The blood sugar drug dapagliflozin was declared noninferior to placebo in the recent DECLARE-TIMI 58 trial, and while the medication failed to lower rates of major adverse cardiovascular events (MACE) in subjects, it did reduce rates of CV-related death and hospitalizations for heart failure.
Brigham and Women’s Hospital associate professor Stephen D. Wiviott, MD, led the study group, whose findings were published in the New England Journal of Medicine Jan. 24. The researchers said other selective sodium-glucose cotransporter 2 (SGLT2) inhibitors have shown favorable cardiovascular effects in previous trials, but the safety profile of dapagliflozin is unknown.
“The high risk of heart failure in patients with diabetes is independent of coronary disease, and limited data are available to guide treatments for the prevention of heart failure,” Wiviott and co-authors wrote in NEJM. “As a result of this intersection of diabetes, atherosclerotic cardiovascular disease (ASCVD) and heart failure, the importance of determining diabetes therapies that are not only safe but also effective in reducing cardiovascular risk is paramount.”
DECLARE-TIMI (Dapagliflozin Effect on Cardiovascular Events-Thrombolysis in Myocardial Infarction) 58 evaluated the effects of dapagliflozin on cardiovascular and renal outcomes in 17,160 type 2 diabetes patients who either had or were at risk for developing ASCVD. The trial’s primary safety outcome was MACE, defined as CV death, MI or ischemic stroke.
Patients were randomized to either dapagliflozin or a placebo drug, and after four years of follow-up both the test and control groups saw similar rates of MACE (8.8 percent in the dapagliflozin group compared to 9.4 percent in the placebo group). Dapagliflozin users saw a lower rate of cardiovascular death or hospitalization for heart failure (4.9 percent vs. 5.8 percent), which reflected a 27 percent lower risk of heart failure hospitalization in the test cohort.
“The lower rate of cardiovascular death or hospitalization for heart failure in the dapagliflozin group than in the placebo group was consistent across multiple subgroups, which shows that dapagliflozin prevented cardiovascular events, particularly hospitalization for heart failure, in a broad range of patients, regardless of a history of ASCVD or heart failure,” Wiviott and colleagues wrote. “The majority of patients did not have a history of heart failure, so the prevention of new clinical heart failure is notable.”
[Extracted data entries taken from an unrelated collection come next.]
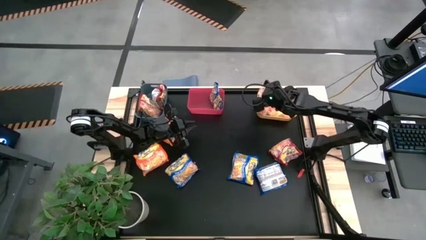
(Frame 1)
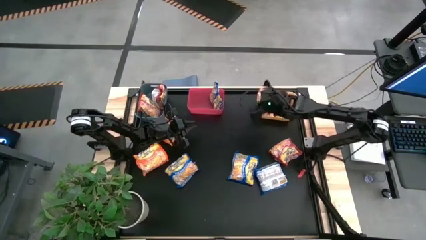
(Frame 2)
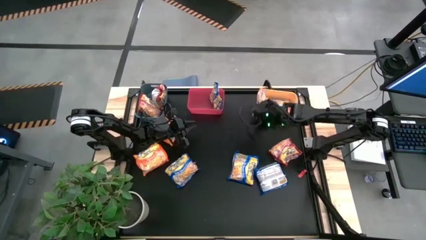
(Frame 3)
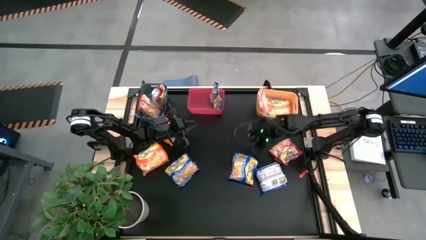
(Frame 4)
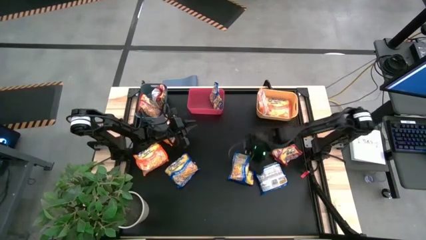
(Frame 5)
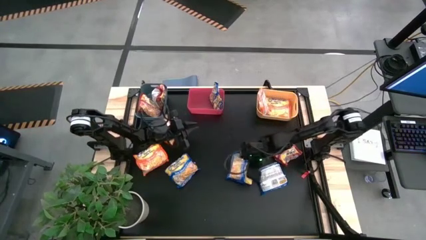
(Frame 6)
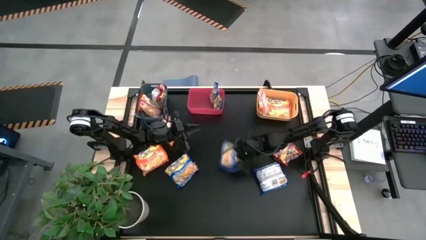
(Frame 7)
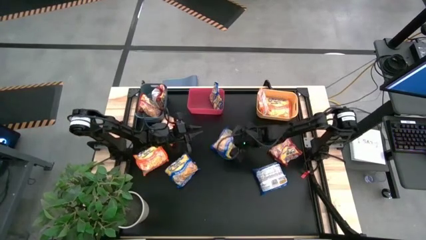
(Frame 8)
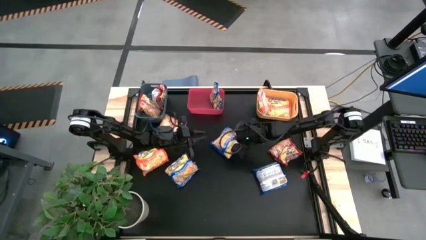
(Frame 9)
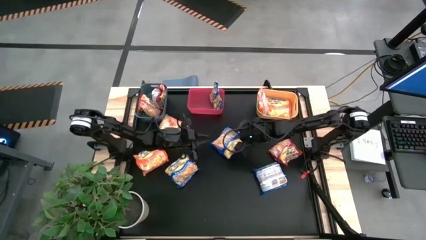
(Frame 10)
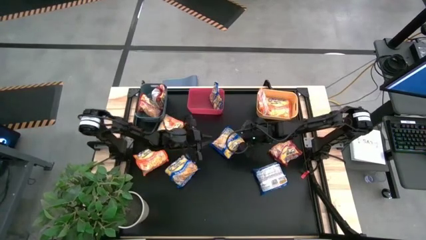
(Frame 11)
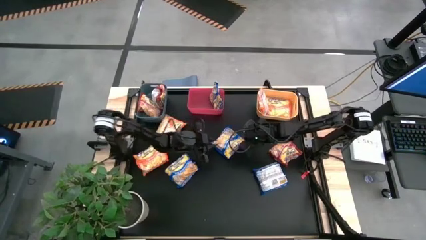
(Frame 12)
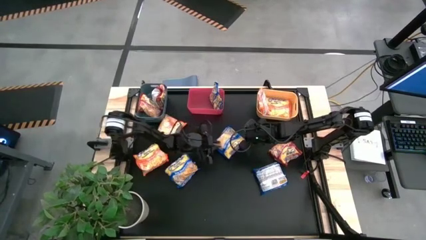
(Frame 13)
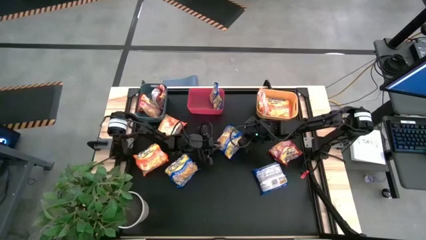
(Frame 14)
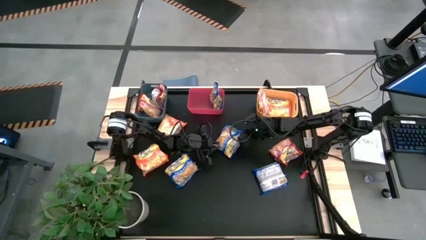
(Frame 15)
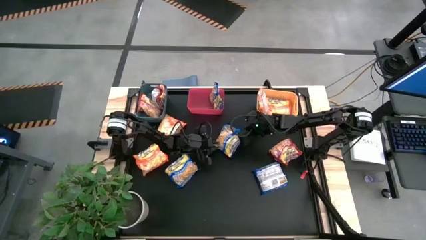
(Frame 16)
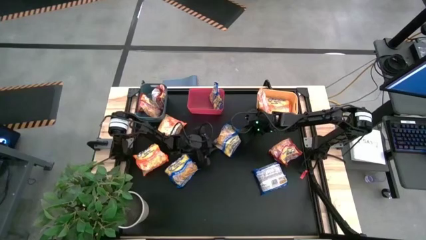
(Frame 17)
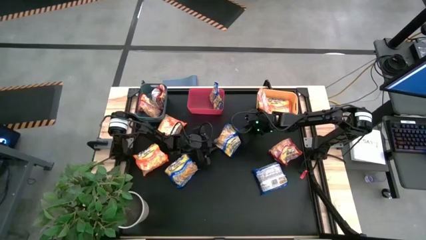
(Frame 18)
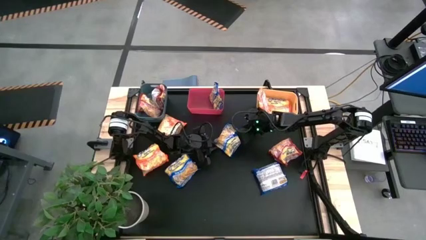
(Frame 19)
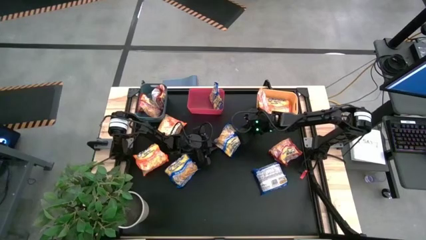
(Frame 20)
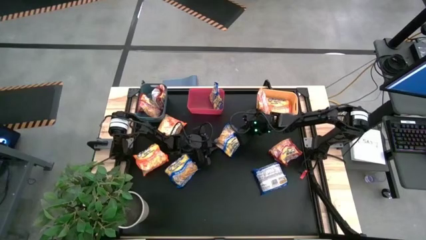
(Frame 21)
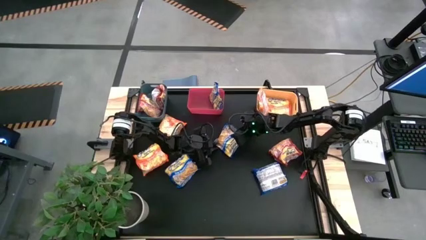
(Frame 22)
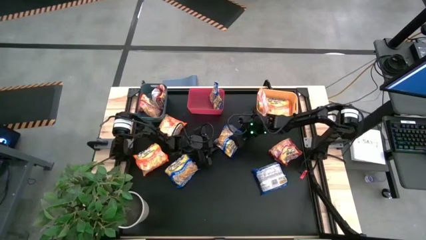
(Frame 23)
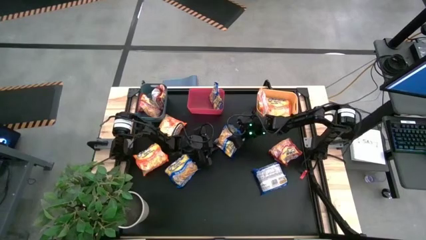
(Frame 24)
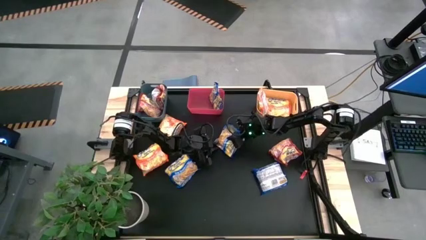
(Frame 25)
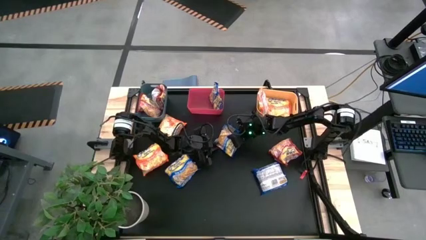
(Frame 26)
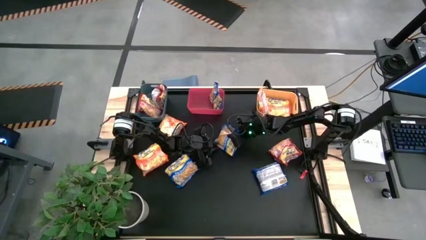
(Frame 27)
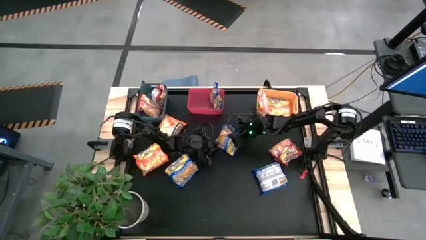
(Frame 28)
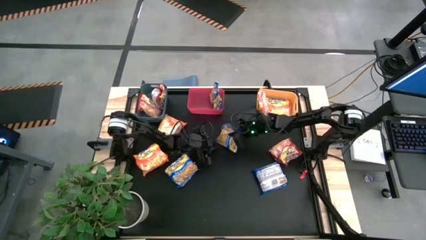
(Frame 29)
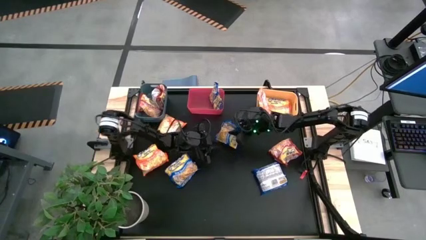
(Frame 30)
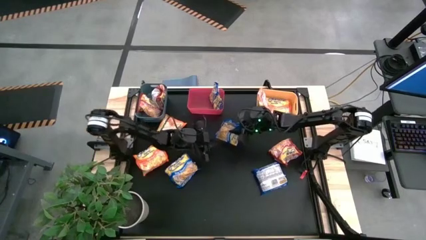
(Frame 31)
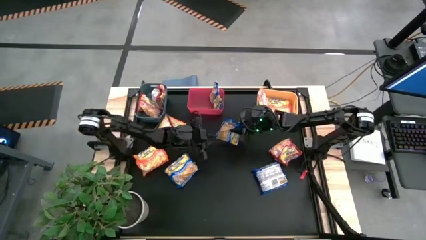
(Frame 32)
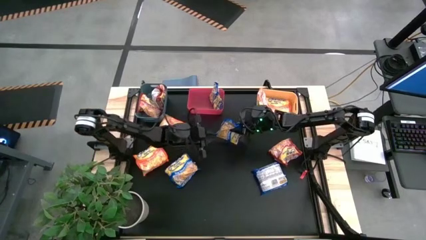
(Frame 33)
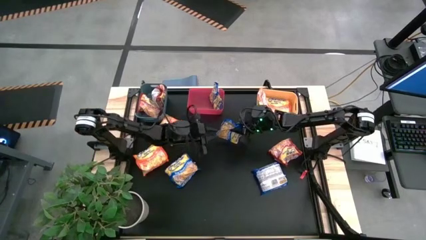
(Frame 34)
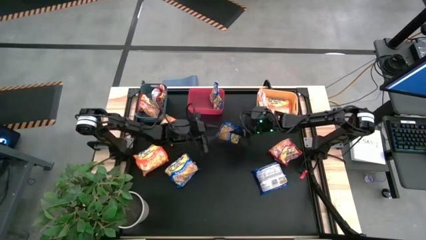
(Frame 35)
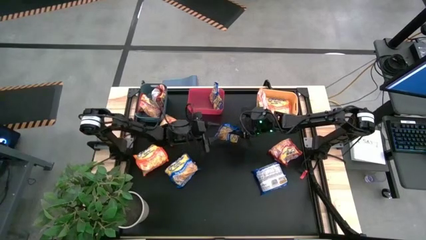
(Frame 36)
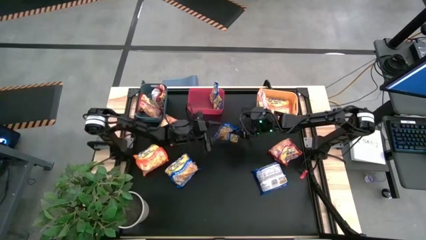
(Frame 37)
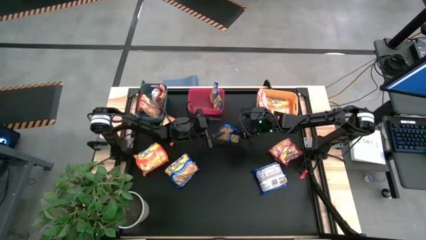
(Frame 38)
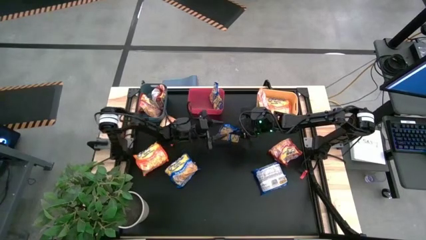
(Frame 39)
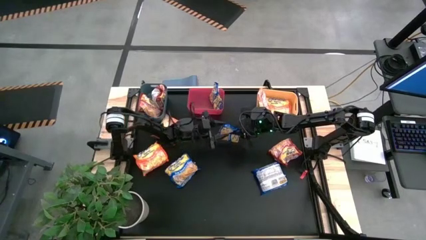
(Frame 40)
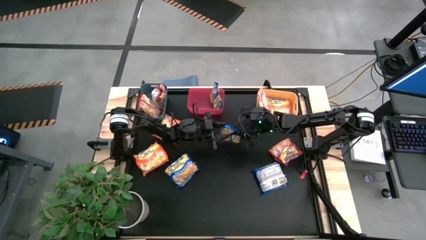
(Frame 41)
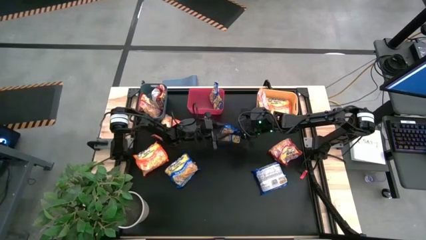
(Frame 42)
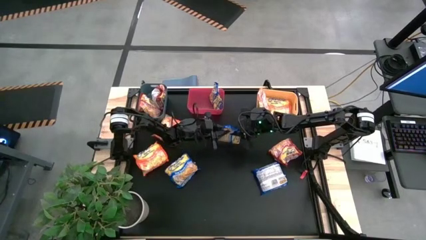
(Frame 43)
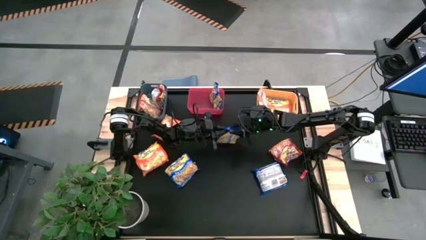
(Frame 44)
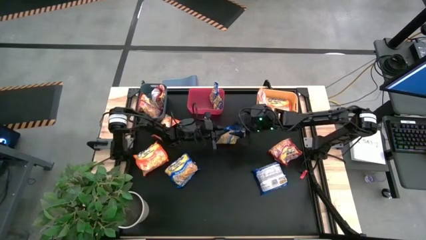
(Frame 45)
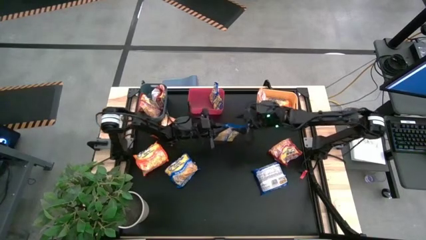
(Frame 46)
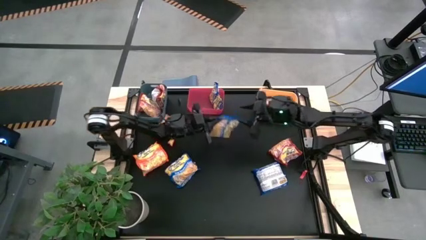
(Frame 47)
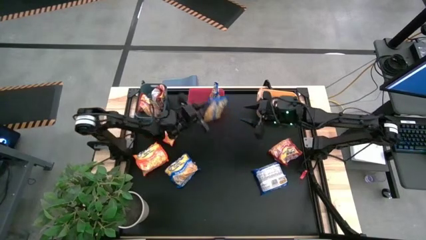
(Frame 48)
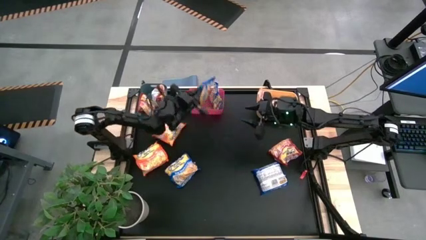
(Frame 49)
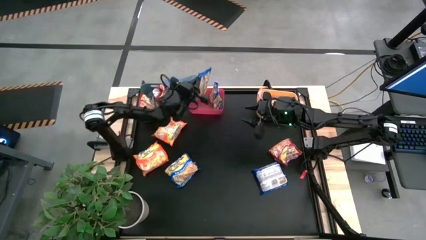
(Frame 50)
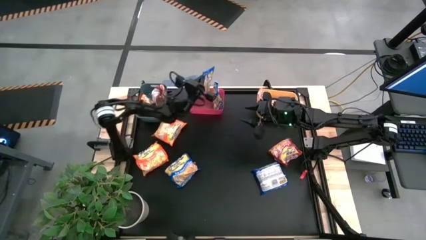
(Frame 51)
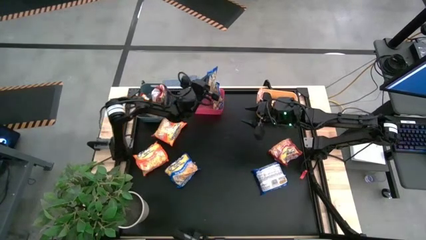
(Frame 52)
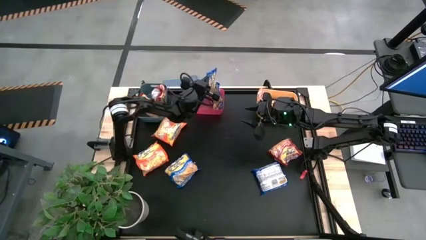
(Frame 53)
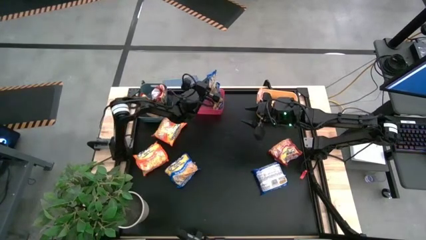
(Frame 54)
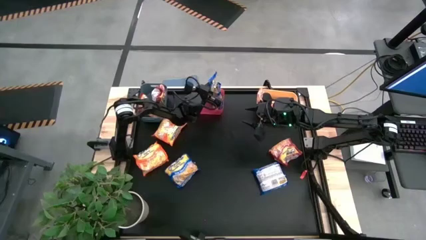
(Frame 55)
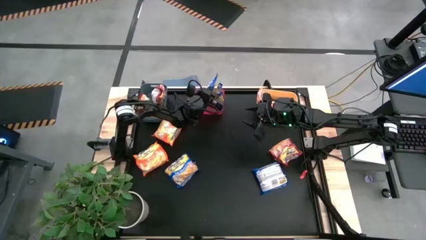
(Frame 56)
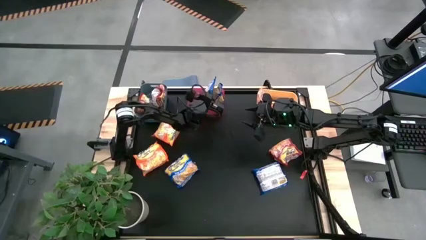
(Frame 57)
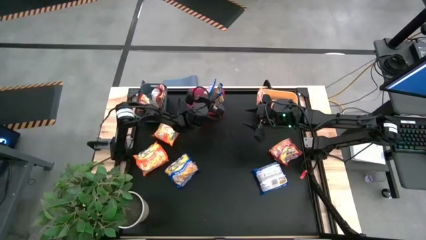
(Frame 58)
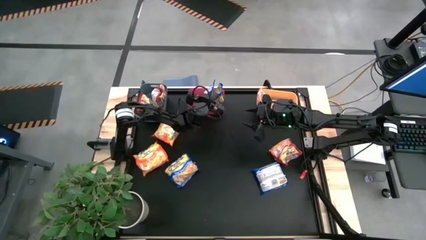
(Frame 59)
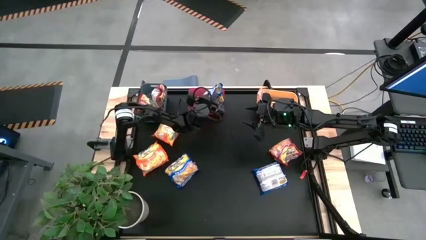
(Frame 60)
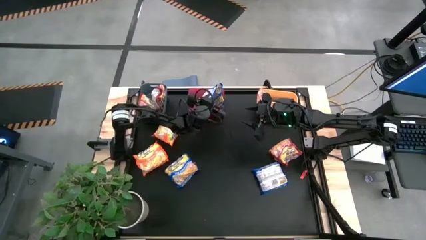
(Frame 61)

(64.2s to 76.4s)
Task: Sort Maruchan noodles
Put the blue noodle pack into the pink bin

The authors said there were fewer renal events—defined as new end-stage renal disease, a sharp drop in glomerular filtration rate or death from renal or CV causes—in the test group, but diabetic ketoacidosis was more common with dapagliflozin than placebo (0.3 percent vs. 0.1 percent). The rate of serious genital infections was also higher in the dapagliflozin cohort—0.9 percent compared to the control group’s 0.1 percent.
“The DECLARE-TIMI 58 trial showed that the SGLT2 inhibitor dapagliflozin was noninferior to placebo with respect to the primary safety outcome of MACE,” Wiviott et al. said. “Dapagliflozin did not result in a significantly lower rate of MACE, but in a broad population of patients with type 2 diabetes it did result in a significantly lower rate of cardiovascular death or hospitalization for heart failure than placebo, with additional findings supporting a possible lower rate of adverse renal outcomes.”